How to solve coin change task when order does matters?

Question

As I found in here,

Coin Change is the problem of finding the number of ways of making changes for a particular amount of cents, n, using a given set of denominations d_1....d_m. It is a general case of Integer Partition, and can be solved with dynamic programming.

The problem is typically asked as: If we want to make change for N cents, and we have infinite supply of each of S = { S_1, S_2,....., S_m } valued coins, how many ways can we make the change? (For simplicity's sake, the order does not matter.)

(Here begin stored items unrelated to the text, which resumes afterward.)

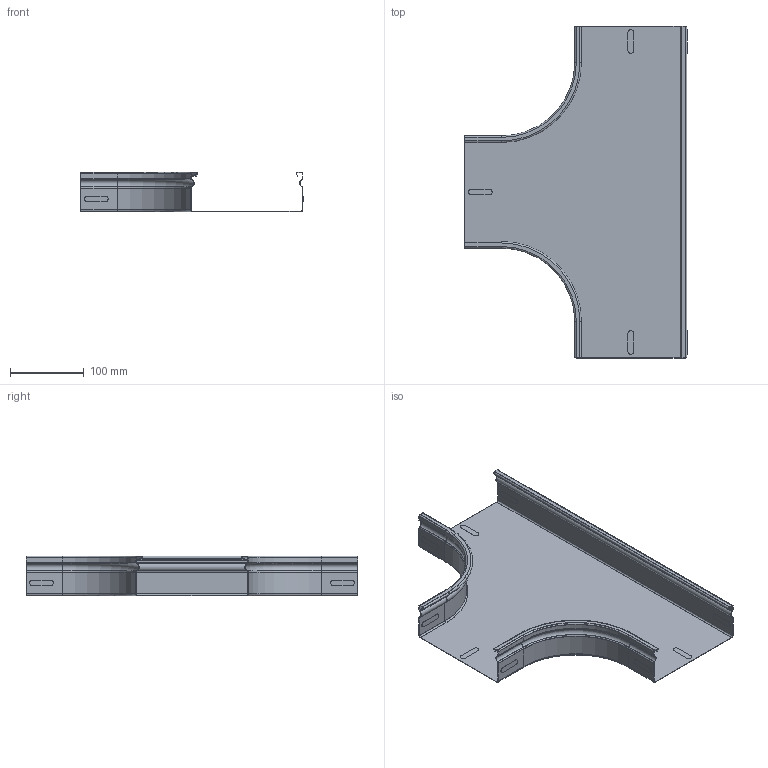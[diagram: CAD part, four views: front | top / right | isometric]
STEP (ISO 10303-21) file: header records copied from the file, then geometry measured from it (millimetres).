
FILE_DESCRIPTION(/* description */ (''),/* implementation_level */ '2;1');
FILE_NAME(/* name */ '480282.stp',/* time_stamp */ '2025-12-05T09:40:00+01:00',/* author */ ('mael.lecharpentier'),/* organization */ (''),/* preprocessor_version */ 'ST-DEVELOPER v20',/* originating_system */ 'AutoCAD Mechanical',/* authorisation */ '');
FILE_SCHEMA (('AUTOMOTIVE_DESIGN { 1 0 10303 214 3 1 1 }'));
Length unit declared in the file: millimetre
Products named in the file (1): Product
Bounding box: 301.9 x 451 x 54.1 mm (x, y, z)
Volume: 96613.9 mm3; surface area: 327514.5 mm2
Topology: 1 solids, 19 shells, 162 faces, 434 edges, 292 vertices
Faces by surface type: cylinder 68, plane 64, torus 24, cone 6
Entity records: 5145 total; most frequent: DIRECTION 960, CARTESIAN_POINT 889, ORIENTED_EDGE 796, EDGE_CURVE 434, AXIS2_PLACEMENT_3D 363, VERTEX_POINT 292, LINE 234, VECTOR 234

I tried this and this works fine. So How I can modify this to find all possible coin combinations when the order of different coins actually does matter.

i.e. : before

For example, for N = 4,S = {1,2,3}, there are four solutions: {1,1,1,1},{1,1,2},{2,2},{1,3}.

now :

for N = 4,S = {1,2,3}, there are 7 solutions: {1,1,1,1},{1,1,2},{1,2,1},{2,1,1},{2,2},{1,3},{3,1}

here {1,1,1,1} even though one can pick the four '1's in different order it has to be considered as one final combination. rather than considering that four coins are different. so actually the order of different coins has to be different to count it as a separate combination.

ex: {1,1,3} won't assume {1_a,1_b,3_a} is a combination and {1_b,1_a,3_a} is another combination with different ordering.

Answer 1

The current recursive implementation is very simplified. It only passes the remaining value and the index of the possible denominations. If you passed an array of denominations when you got to n==0 you could add another check to see if you have that combination already. If you do return 0 otherwise return 1.

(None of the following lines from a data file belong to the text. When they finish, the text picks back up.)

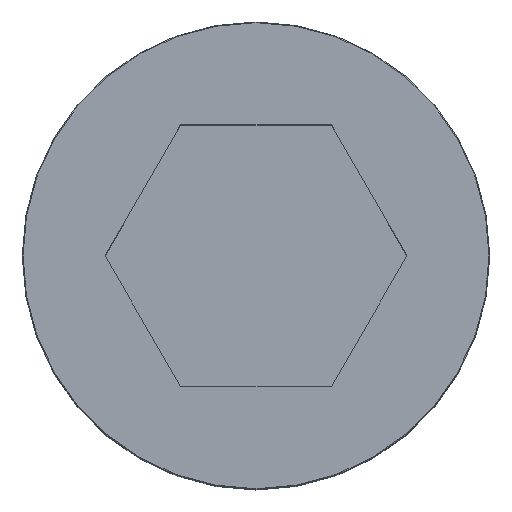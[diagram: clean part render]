
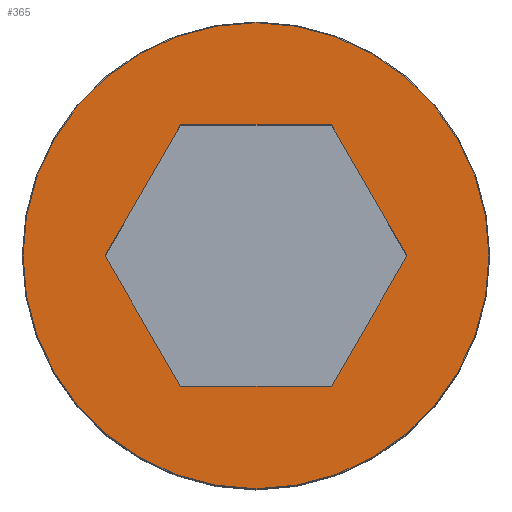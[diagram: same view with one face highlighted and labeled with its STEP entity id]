
A CAD part, top view. The second image highlights one B-rep face of the part: STEP entity #365.
In plain terms, the highlighted planar face has unit normal (0, 0, 1).
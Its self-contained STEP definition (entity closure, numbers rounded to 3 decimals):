
#238 = TOROIDAL_SURFACE('',#239,8.972,0.028);
#239 = AXIS2_PLACEMENT_3D('',#240,#241,#242);
#240 = CARTESIAN_POINT('',(0.,0.,11.972));
#241 = DIRECTION('',(0.,0.,1.));
#242 = DIRECTION('',(0.,1.,0.));
#311 = VERTEX_POINT('',#312);
#312 = CARTESIAN_POINT('',(0.,8.972,12.));
#334 = EDGE_CURVE('',#311,#311,#335,.T.);
#335 = SURFACE_CURVE('',#336,(#341,#348),.PCURVE_S1.);
#336 = CIRCLE('',#337,8.972);
#337 = AXIS2_PLACEMENT_3D('',#338,#339,#340);
#338 = CARTESIAN_POINT('',(0.,0.,12.));
#339 = DIRECTION('',(0.,-0.,1.));
#340 = DIRECTION('',(0.,1.,0.));
#341 = PCURVE('',#238,#342);
#342 = DEFINITIONAL_REPRESENTATION('',(#343),#347);
#343 = LINE('',#344,#345);
#344 = CARTESIAN_POINT('',(0.,1.571));
#345 = VECTOR('',#346,1.);
#346 = DIRECTION('',(1.,0.));
#347 = ( GEOMETRIC_REPRESENTATION_CONTEXT(2) 
PARAMETRIC_REPRESENTATION_CONTEXT() REPRESENTATION_CONTEXT('2D SPACE',''
  ) );
#348 = PCURVE('',#349,#354);
#349 = PLANE('',#350);
#350 = AXIS2_PLACEMENT_3D('',#351,#352,#353);
#351 = CARTESIAN_POINT('',(0.,0.,12.));
#352 = DIRECTION('',(0.,0.,1.));
#353 = DIRECTION('',(0.,1.,0.));
#354 = DEFINITIONAL_REPRESENTATION('',(#355),#359);
#355 = CIRCLE('',#356,8.972);
#356 = AXIS2_PLACEMENT_2D('',#357,#358);
#357 = CARTESIAN_POINT('',(0.,0.));
#358 = DIRECTION('',(1.,0.));
#359 = ( GEOMETRIC_REPRESENTATION_CONTEXT(2) 
PARAMETRIC_REPRESENTATION_CONTEXT() REPRESENTATION_CONTEXT('2D SPACE',''
  ) );
#365 = ADVANCED_FACE('',(#366,#369),#349,.T.);
#366 = FACE_BOUND('',#367,.T.);
#367 = EDGE_LOOP('',(#368));
#368 = ORIENTED_EDGE('',*,*,#334,.T.);
#369 = FACE_BOUND('',#370,.T.);
#370 = EDGE_LOOP('',(#371,#401,#429,#457,#485,#513));
#371 = ORIENTED_EDGE('',*,*,#372,.F.);
#372 = EDGE_CURVE('',#373,#375,#377,.T.);
#373 = VERTEX_POINT('',#374);
#374 = CARTESIAN_POINT('',(5.814,0.,12.));
#375 = VERTEX_POINT('',#376);
#376 = CARTESIAN_POINT('',(2.907,5.035,12.));
#377 = SURFACE_CURVE('',#378,(#382,#389),.PCURVE_S1.);
#378 = LINE('',#379,#380);
#379 = CARTESIAN_POINT('',(5.814,0.,12.));
#380 = VECTOR('',#381,1.);
#381 = DIRECTION('',(-0.5,0.866,0.));
#382 = PCURVE('',#349,#383);
#383 = DEFINITIONAL_REPRESENTATION('',(#384),#388);
#384 = LINE('',#385,#386);
#385 = CARTESIAN_POINT('',(0.,-5.814));
#386 = VECTOR('',#387,1.);
#387 = DIRECTION('',(0.866,0.5));
#388 = ( GEOMETRIC_REPRESENTATION_CONTEXT(2) 
PARAMETRIC_REPRESENTATION_CONTEXT() REPRESENTATION_CONTEXT('2D SPACE',''
  ) );
#389 = PCURVE('',#390,#395);
#390 = PLANE('',#391);
#391 = AXIS2_PLACEMENT_3D('',#392,#393,#394);
#392 = CARTESIAN_POINT('',(5.814,0.,12.));
#393 = DIRECTION('',(0.866,0.5,0.));
#394 = DIRECTION('',(-0.5,0.866,0.));
#395 = DEFINITIONAL_REPRESENTATION('',(#396),#400);
#396 = LINE('',#397,#398);
#397 = CARTESIAN_POINT('',(0.,0.));
#398 = VECTOR('',#399,1.);
#399 = DIRECTION('',(1.,0.));
#400 = ( GEOMETRIC_REPRESENTATION_CONTEXT(2) 
PARAMETRIC_REPRESENTATION_CONTEXT() REPRESENTATION_CONTEXT('2D SPACE',''
  ) );
#401 = ORIENTED_EDGE('',*,*,#402,.F.);
#402 = EDGE_CURVE('',#403,#373,#405,.T.);
#403 = VERTEX_POINT('',#404);
#404 = CARTESIAN_POINT('',(2.907,-5.035,12.));
#405 = SURFACE_CURVE('',#406,(#410,#417),.PCURVE_S1.);
#406 = LINE('',#407,#408);
#407 = CARTESIAN_POINT('',(2.907,-5.035,12.));
#408 = VECTOR('',#409,1.);
#409 = DIRECTION('',(0.5,0.866,0.));
#410 = PCURVE('',#349,#411);
#411 = DEFINITIONAL_REPRESENTATION('',(#412),#416);
#412 = LINE('',#413,#414);
#413 = CARTESIAN_POINT('',(-5.035,-2.907));
#414 = VECTOR('',#415,1.);
#415 = DIRECTION('',(0.866,-0.5));
#416 = ( GEOMETRIC_REPRESENTATION_CONTEXT(2) 
PARAMETRIC_REPRESENTATION_CONTEXT() REPRESENTATION_CONTEXT('2D SPACE',''
  ) );
#417 = PCURVE('',#418,#423);
#418 = PLANE('',#419);
#419 = AXIS2_PLACEMENT_3D('',#420,#421,#422);
#420 = CARTESIAN_POINT('',(2.907,-5.035,12.));
#421 = DIRECTION('',(0.866,-0.5,0.));
#422 = DIRECTION('',(0.5,0.866,0.));
#423 = DEFINITIONAL_REPRESENTATION('',(#424),#428);
#424 = LINE('',#425,#426);
#425 = CARTESIAN_POINT('',(0.,0.));
#426 = VECTOR('',#427,1.);
#427 = DIRECTION('',(1.,0.));
#428 = ( GEOMETRIC_REPRESENTATION_CONTEXT(2) 
PARAMETRIC_REPRESENTATION_CONTEXT() REPRESENTATION_CONTEXT('2D SPACE',''
  ) );
#429 = ORIENTED_EDGE('',*,*,#430,.F.);
#430 = EDGE_CURVE('',#431,#403,#433,.T.);
#431 = VERTEX_POINT('',#432);
#432 = CARTESIAN_POINT('',(-2.907,-5.035,12.));
#433 = SURFACE_CURVE('',#434,(#438,#445),.PCURVE_S1.);
#434 = LINE('',#435,#436);
#435 = CARTESIAN_POINT('',(-2.907,-5.035,12.));
#436 = VECTOR('',#437,1.);
#437 = DIRECTION('',(1.,0.,0.));
#438 = PCURVE('',#349,#439);
#439 = DEFINITIONAL_REPRESENTATION('',(#440),#444);
#440 = LINE('',#441,#442);
#441 = CARTESIAN_POINT('',(-5.035,2.907));
#442 = VECTOR('',#443,1.);
#443 = DIRECTION('',(0.,-1.));
#444 = ( GEOMETRIC_REPRESENTATION_CONTEXT(2) 
PARAMETRIC_REPRESENTATION_CONTEXT() REPRESENTATION_CONTEXT('2D SPACE',''
  ) );
#445 = PCURVE('',#446,#451);
#446 = PLANE('',#447);
#447 = AXIS2_PLACEMENT_3D('',#448,#449,#450);
#448 = CARTESIAN_POINT('',(-2.907,-5.035,12.));
#449 = DIRECTION('',(0.,-1.,0.));
#450 = DIRECTION('',(1.,0.,0.));
#451 = DEFINITIONAL_REPRESENTATION('',(#452),#456);
#452 = LINE('',#453,#454);
#453 = CARTESIAN_POINT('',(0.,0.));
#454 = VECTOR('',#455,1.);
#455 = DIRECTION('',(1.,0.));
#456 = ( GEOMETRIC_REPRESENTATION_CONTEXT(2) 
PARAMETRIC_REPRESENTATION_CONTEXT() REPRESENTATION_CONTEXT('2D SPACE',''
  ) );
#457 = ORIENTED_EDGE('',*,*,#458,.F.);
#458 = EDGE_CURVE('',#459,#431,#461,.T.);
#459 = VERTEX_POINT('',#460);
#460 = CARTESIAN_POINT('',(-5.814,0.,12.));
#461 = SURFACE_CURVE('',#462,(#466,#473),.PCURVE_S1.);
#462 = LINE('',#463,#464);
#463 = CARTESIAN_POINT('',(-5.814,0.,12.));
#464 = VECTOR('',#465,1.);
#465 = DIRECTION('',(0.5,-0.866,0.));
#466 = PCURVE('',#349,#467);
#467 = DEFINITIONAL_REPRESENTATION('',(#468),#472);
#468 = LINE('',#469,#470);
#469 = CARTESIAN_POINT('',(0.,5.814));
#470 = VECTOR('',#471,1.);
#471 = DIRECTION('',(-0.866,-0.5));
#472 = ( GEOMETRIC_REPRESENTATION_CONTEXT(2) 
PARAMETRIC_REPRESENTATION_CONTEXT() REPRESENTATION_CONTEXT('2D SPACE',''
  ) );
#473 = PCURVE('',#474,#479);
#474 = PLANE('',#475);
#475 = AXIS2_PLACEMENT_3D('',#476,#477,#478);
#476 = CARTESIAN_POINT('',(-5.814,0.,12.));
#477 = DIRECTION('',(-0.866,-0.5,0.));
#478 = DIRECTION('',(0.5,-0.866,0.));
#479 = DEFINITIONAL_REPRESENTATION('',(#480),#484);
#480 = LINE('',#481,#482);
#481 = CARTESIAN_POINT('',(0.,0.));
#482 = VECTOR('',#483,1.);
#483 = DIRECTION('',(1.,0.));
#484 = ( GEOMETRIC_REPRESENTATION_CONTEXT(2) 
PARAMETRIC_REPRESENTATION_CONTEXT() REPRESENTATION_CONTEXT('2D SPACE',''
  ) );
#485 = ORIENTED_EDGE('',*,*,#486,.F.);
#486 = EDGE_CURVE('',#487,#459,#489,.T.);
#487 = VERTEX_POINT('',#488);
#488 = CARTESIAN_POINT('',(-2.907,5.035,12.));
#489 = SURFACE_CURVE('',#490,(#494,#501),.PCURVE_S1.);
#490 = LINE('',#491,#492);
#491 = CARTESIAN_POINT('',(-2.907,5.035,12.));
#492 = VECTOR('',#493,1.);
#493 = DIRECTION('',(-0.5,-0.866,0.));
#494 = PCURVE('',#349,#495);
#495 = DEFINITIONAL_REPRESENTATION('',(#496),#500);
#496 = LINE('',#497,#498);
#497 = CARTESIAN_POINT('',(5.035,2.907));
#498 = VECTOR('',#499,1.);
#499 = DIRECTION('',(-0.866,0.5));
#500 = ( GEOMETRIC_REPRESENTATION_CONTEXT(2) 
PARAMETRIC_REPRESENTATION_CONTEXT() REPRESENTATION_CONTEXT('2D SPACE',''
  ) );
#501 = PCURVE('',#502,#507);
#502 = PLANE('',#503);
#503 = AXIS2_PLACEMENT_3D('',#504,#505,#506);
#504 = CARTESIAN_POINT('',(-2.907,5.035,12.));
#505 = DIRECTION('',(-0.866,0.5,0.));
#506 = DIRECTION('',(-0.5,-0.866,0.));
#507 = DEFINITIONAL_REPRESENTATION('',(#508),#512);
#508 = LINE('',#509,#510);
#509 = CARTESIAN_POINT('',(0.,0.));
#510 = VECTOR('',#511,1.);
#511 = DIRECTION('',(1.,0.));
#512 = ( GEOMETRIC_REPRESENTATION_CONTEXT(2) 
PARAMETRIC_REPRESENTATION_CONTEXT() REPRESENTATION_CONTEXT('2D SPACE',''
  ) );
#513 = ORIENTED_EDGE('',*,*,#514,.F.);
#514 = EDGE_CURVE('',#375,#487,#515,.T.);
#515 = SURFACE_CURVE('',#516,(#520,#527),.PCURVE_S1.);
#516 = LINE('',#517,#518);
#517 = CARTESIAN_POINT('',(2.907,5.035,12.));
#518 = VECTOR('',#519,1.);
#519 = DIRECTION('',(-1.,0.,0.));
#520 = PCURVE('',#349,#521);
#521 = DEFINITIONAL_REPRESENTATION('',(#522),#526);
#522 = LINE('',#523,#524);
#523 = CARTESIAN_POINT('',(5.035,-2.907));
#524 = VECTOR('',#525,1.);
#525 = DIRECTION('',(0.,1.));
#526 = ( GEOMETRIC_REPRESENTATION_CONTEXT(2) 
PARAMETRIC_REPRESENTATION_CONTEXT() REPRESENTATION_CONTEXT('2D SPACE',''
  ) );
#527 = PCURVE('',#528,#533);
#528 = PLANE('',#529);
#529 = AXIS2_PLACEMENT_3D('',#530,#531,#532);
#530 = CARTESIAN_POINT('',(2.907,5.035,12.));
#531 = DIRECTION('',(0.,1.,0.));
#532 = DIRECTION('',(-1.,0.,0.));
#533 = DEFINITIONAL_REPRESENTATION('',(#534),#538);
#534 = LINE('',#535,#536);
#535 = CARTESIAN_POINT('',(0.,0.));
#536 = VECTOR('',#537,1.);
#537 = DIRECTION('',(1.,0.));
#538 = ( GEOMETRIC_REPRESENTATION_CONTEXT(2) 
PARAMETRIC_REPRESENTATION_CONTEXT() REPRESENTATION_CONTEXT('2D SPACE',''
  ) );

This is a dynamic solution and requires much more memory than the other solution but it will get you the answer.

func count(n, m, p[])
//regular if checks with additional nested if in (n == 0)
return count( n, m - 1, p[] ) + count( n - S[m], 0, p[] + S[m] )

in this pseudo code p[] + S[m] just means to add S[m] to the next available position in p[]

EDIT:

Forgot to add in that you need to reset m when you dive down

// n is remaining value
// m is index of S array
// p[] is array of coins used
// solutions[] is an array of p[] arrays
func count( n, m, p[]) {
  if n == 0
    if (p[] not in solutions[]){
      solutions[].add(p[])
      return 1
    }else{
      return 0
    }
  if n < 0
    return 0
  if m <= 0 and n >= 1
    return 0
  return count(n, m - 1, p[]) + count( n - S[m], 0, p[].add(S[m]))
}

By starting with an empty array p[] each time you add a coin to the possible set you append that value to the array. When you get to the point where you've found a solution you see if it's unique. If so you add it to the count otherwise you ignore it. Because m is reset each time it will traverse all possible permutations.

Answer 2

Calculating just the number of solutions is much less effort than enumerating them all.

Lets take the example of S={1,2,3}, and call f(n) the number of solutions for amount n.

Then we have:

f(n) = 0 if n < 0

f(0) = 1

f(n) = f(n-1) + f(n-2) + f(n-3) if n > 0 (where the numbers 1,2,3 are the elements of S)

It is not too difficult to write a program performing these calculations. You could start with the low numbers and work your way up:

f(0) = 1
f(1) = 1
f(2) = 2
f(3) = 4
f(4) = 7
f(5) = 13
...

For this specific S it turns out each number is just the sum of the preceding three numbers.

How to arrive at this formula? I take again the specific set S={1,2,3} as example, the general case is likewise easy. To count the number of solutions for n look at the first element. It can be 1, 2, or 3. If it is 1, there are f(n-1) ways to arrange the remaining elements. If it is 2 there are f(n-2) ways for the remaining elements and finally if it is 3 there are f(n-3) ways for the remaining elements. The total number must therefore be the sum of the three.

Answer 3

If you're referring to the "Dynamic programming" algorithm in the referenced Wikipedia page, I think you can just change

table[ i, j ] = table[ i - S_j, j ] + table[ i, j - 1 ]

to

table[ i, j ] = table[ i - S_j, m ] + table[ i, j - 1 ]

but I'm not 100% sure yet. The point is that in the original problem, when you are examining coin S_j, you want to add in the number of possible solutions when the amount is i - S_j but only with coins up through S_j, so that you don't get permutations of a previous sequence. By changing it to table[i - S_j, m], you do count the permutations.

EDIT: On looking into it further, I believe that this is correct but equivalent to Henry's answer, which is much simpler. This version of the problem (counting all permutations) doesn't need values to be stored in a 2-D array, the way the original one does.